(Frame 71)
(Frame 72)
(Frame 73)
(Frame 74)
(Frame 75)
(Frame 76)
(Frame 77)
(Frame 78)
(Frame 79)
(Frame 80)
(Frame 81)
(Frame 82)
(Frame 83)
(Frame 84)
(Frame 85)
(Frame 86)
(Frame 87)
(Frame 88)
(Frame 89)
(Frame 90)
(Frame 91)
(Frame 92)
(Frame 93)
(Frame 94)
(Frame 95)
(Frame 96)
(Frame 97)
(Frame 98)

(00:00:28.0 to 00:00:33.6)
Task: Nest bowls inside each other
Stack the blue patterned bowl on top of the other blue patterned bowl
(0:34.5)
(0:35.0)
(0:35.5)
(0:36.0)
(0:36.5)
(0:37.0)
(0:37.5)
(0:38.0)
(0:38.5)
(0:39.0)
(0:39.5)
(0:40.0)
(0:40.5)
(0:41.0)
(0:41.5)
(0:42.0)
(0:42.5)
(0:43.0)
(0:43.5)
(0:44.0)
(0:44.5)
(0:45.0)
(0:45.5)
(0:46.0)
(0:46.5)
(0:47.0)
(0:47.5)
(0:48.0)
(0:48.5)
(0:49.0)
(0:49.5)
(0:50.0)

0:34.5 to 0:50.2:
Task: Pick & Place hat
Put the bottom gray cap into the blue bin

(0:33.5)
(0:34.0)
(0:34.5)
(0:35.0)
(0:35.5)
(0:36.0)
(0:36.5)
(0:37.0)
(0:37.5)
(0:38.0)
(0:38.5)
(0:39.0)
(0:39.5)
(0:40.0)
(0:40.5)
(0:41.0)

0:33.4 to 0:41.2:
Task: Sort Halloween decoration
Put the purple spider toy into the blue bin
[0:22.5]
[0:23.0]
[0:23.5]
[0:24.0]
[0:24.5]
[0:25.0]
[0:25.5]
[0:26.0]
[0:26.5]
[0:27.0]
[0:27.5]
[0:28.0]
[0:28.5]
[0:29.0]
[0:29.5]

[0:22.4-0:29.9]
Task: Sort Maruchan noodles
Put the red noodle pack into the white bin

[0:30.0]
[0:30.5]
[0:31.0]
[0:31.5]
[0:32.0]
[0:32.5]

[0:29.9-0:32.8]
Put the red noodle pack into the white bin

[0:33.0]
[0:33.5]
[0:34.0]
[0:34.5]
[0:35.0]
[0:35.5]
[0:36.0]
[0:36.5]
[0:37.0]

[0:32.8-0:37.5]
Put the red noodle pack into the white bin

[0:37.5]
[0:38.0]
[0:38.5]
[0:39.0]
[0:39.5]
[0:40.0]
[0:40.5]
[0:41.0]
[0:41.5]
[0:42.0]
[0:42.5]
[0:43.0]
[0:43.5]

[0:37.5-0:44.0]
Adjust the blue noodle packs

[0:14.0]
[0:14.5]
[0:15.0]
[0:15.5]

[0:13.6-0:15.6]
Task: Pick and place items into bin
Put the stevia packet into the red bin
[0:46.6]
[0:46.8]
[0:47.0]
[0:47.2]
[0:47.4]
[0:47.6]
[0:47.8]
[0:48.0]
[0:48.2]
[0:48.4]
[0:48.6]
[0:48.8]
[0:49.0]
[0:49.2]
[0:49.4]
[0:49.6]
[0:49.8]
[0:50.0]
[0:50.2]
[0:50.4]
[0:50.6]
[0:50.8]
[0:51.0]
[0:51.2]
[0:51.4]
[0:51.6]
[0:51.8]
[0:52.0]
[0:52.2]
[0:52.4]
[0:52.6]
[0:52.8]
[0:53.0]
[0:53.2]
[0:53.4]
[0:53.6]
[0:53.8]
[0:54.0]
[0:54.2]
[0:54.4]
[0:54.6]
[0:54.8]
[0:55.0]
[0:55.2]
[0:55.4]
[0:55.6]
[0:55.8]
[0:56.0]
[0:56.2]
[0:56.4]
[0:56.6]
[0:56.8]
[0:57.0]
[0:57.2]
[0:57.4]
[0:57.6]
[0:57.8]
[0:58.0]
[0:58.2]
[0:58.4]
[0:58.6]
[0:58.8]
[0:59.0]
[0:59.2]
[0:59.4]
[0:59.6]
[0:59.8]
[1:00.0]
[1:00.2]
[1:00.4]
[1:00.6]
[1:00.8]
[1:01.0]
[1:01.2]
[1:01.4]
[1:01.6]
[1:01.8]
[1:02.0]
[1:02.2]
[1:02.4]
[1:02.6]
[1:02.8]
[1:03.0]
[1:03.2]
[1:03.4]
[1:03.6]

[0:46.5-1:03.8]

BRIEF: This exercise calls for an exact reproduction of the material.

RESULT OF THIS EXERCISE:
(Frame 71)
(Frame 72)
(Frame 73)
(Frame 74)
(Frame 75)
(Frame 76)
(Frame 77)
(Frame 78)
(Frame 79)
(Frame 80)
(Frame 81)
(Frame 82)
(Frame 83)
(Frame 84)
(Frame 85)
(Frame 86)
(Frame 87)
(Frame 88)
(Frame 89)
(Frame 90)
(Frame 91)
(Frame 92)
(Frame 93)
(Frame 94)
(Frame 95)
(Frame 96)
(Frame 97)
(Frame 98)

(00:00:28.0 to 00:00:33.6)
Task: Nest bowls inside each other
Stack the blue patterned bowl on top of the other blue patterned bowl
(0:34.5)
(0:35.0)
(0:35.5)
(0:36.0)
(0:36.5)
(0:37.0)
(0:37.5)
(0:38.0)
(0:38.5)
(0:39.0)
(0:39.5)
(0:40.0)
(0:40.5)
(0:41.0)
(0:41.5)
(0:42.0)
(0:42.5)
(0:43.0)
(0:43.5)
(0:44.0)
(0:44.5)
(0:45.0)
(0:45.5)
(0:46.0)
(0:46.5)
(0:47.0)
(0:47.5)
(0:48.0)
(0:48.5)
(0:49.0)
(0:49.5)
(0:50.0)

0:34.5 to 0:50.2:
Task: Pick & Place hat
Put the bottom gray cap into the blue bin

(0:33.5)
(0:34.0)
(0:34.5)
(0:35.0)
(0:35.5)
(0:36.0)
(0:36.5)
(0:37.0)
(0:37.5)
(0:38.0)
(0:38.5)
(0:39.0)
(0:39.5)
(0:40.0)
(0:40.5)
(0:41.0)

0:33.4 to 0:41.2:
Task: Sort Halloween decoration
Put the purple spider toy into the blue bin
[0:22.5]
[0:23.0]
[0:23.5]
[0:24.0]
[0:24.5]
[0:25.0]
[0:25.5]
[0:26.0]
[0:26.5]
[0:27.0]
[0:27.5]
[0:28.0]
[0:28.5]
[0:29.0]
[0:29.5]

[0:22.4-0:29.9]
Task: Sort Maruchan noodles
Put the red noodle pack into the white bin

[0:30.0]
[0:30.5]
[0:31.0]
[0:31.5]
[0:32.0]
[0:32.5]

[0:29.9-0:32.8]
Put the red noodle pack into the white bin

[0:33.0]
[0:33.5]
[0:34.0]
[0:34.5]
[0:35.0]
[0:35.5]
[0:36.0]
[0:36.5]
[0:37.0]

[0:32.8-0:37.5]
Put the red noodle pack into the white bin

[0:37.5]
[0:38.0]
[0:38.5]
[0:39.0]
[0:39.5]
[0:40.0]
[0:40.5]
[0:41.0]
[0:41.5]
[0:42.0]
[0:42.5]
[0:43.0]
[0:43.5]

[0:37.5-0:44.0]
Adjust the blue noodle packs

[0:14.0]
[0:14.5]
[0:15.0]
[0:15.5]

[0:13.6-0:15.6]
Task: Pick and place items into bin
Put the stevia packet into the red bin
[0:46.6]
[0:46.8]
[0:47.0]
[0:47.2]
[0:47.4]
[0:47.6]
[0:47.8]
[0:48.0]
[0:48.2]
[0:48.4]
[0:48.6]
[0:48.8]
[0:49.0]
[0:49.2]
[0:49.4]
[0:49.6]
[0:49.8]
[0:50.0]
[0:50.2]
[0:50.4]
[0:50.6]
[0:50.8]
[0:51.0]
[0:51.2]
[0:51.4]
[0:51.6]
[0:51.8]
[0:52.0]
[0:52.2]
[0:52.4]
[0:52.6]
[0:52.8]
[0:53.0]
[0:53.2]
[0:53.4]
[0:53.6]
[0:53.8]
[0:54.0]
[0:54.2]
[0:54.4]
[0:54.6]
[0:54.8]
[0:55.0]
[0:55.2]
[0:55.4]
[0:55.6]
[0:55.8]
[0:56.0]
[0:56.2]
[0:56.4]
[0:56.6]
[0:56.8]
[0:57.0]
[0:57.2]
[0:57.4]
[0:57.6]
[0:57.8]
[0:58.0]
[0:58.2]
[0:58.4]
[0:58.6]
[0:58.8]
[0:59.0]
[0:59.2]
[0:59.4]
[0:59.6]
[0:59.8]
[1:00.0]
[1:00.2]
[1:00.4]
[1:00.6]
[1:00.8]
[1:01.0]
[1:01.2]
[1:01.4]
[1:01.6]
[1:01.8]
[1:02.0]
[1:02.2]
[1:02.4]
[1:02.6]
[1:02.8]
[1:03.0]
[1:03.2]
[1:03.4]
[1:03.6]

[0:46.5-1:03.8]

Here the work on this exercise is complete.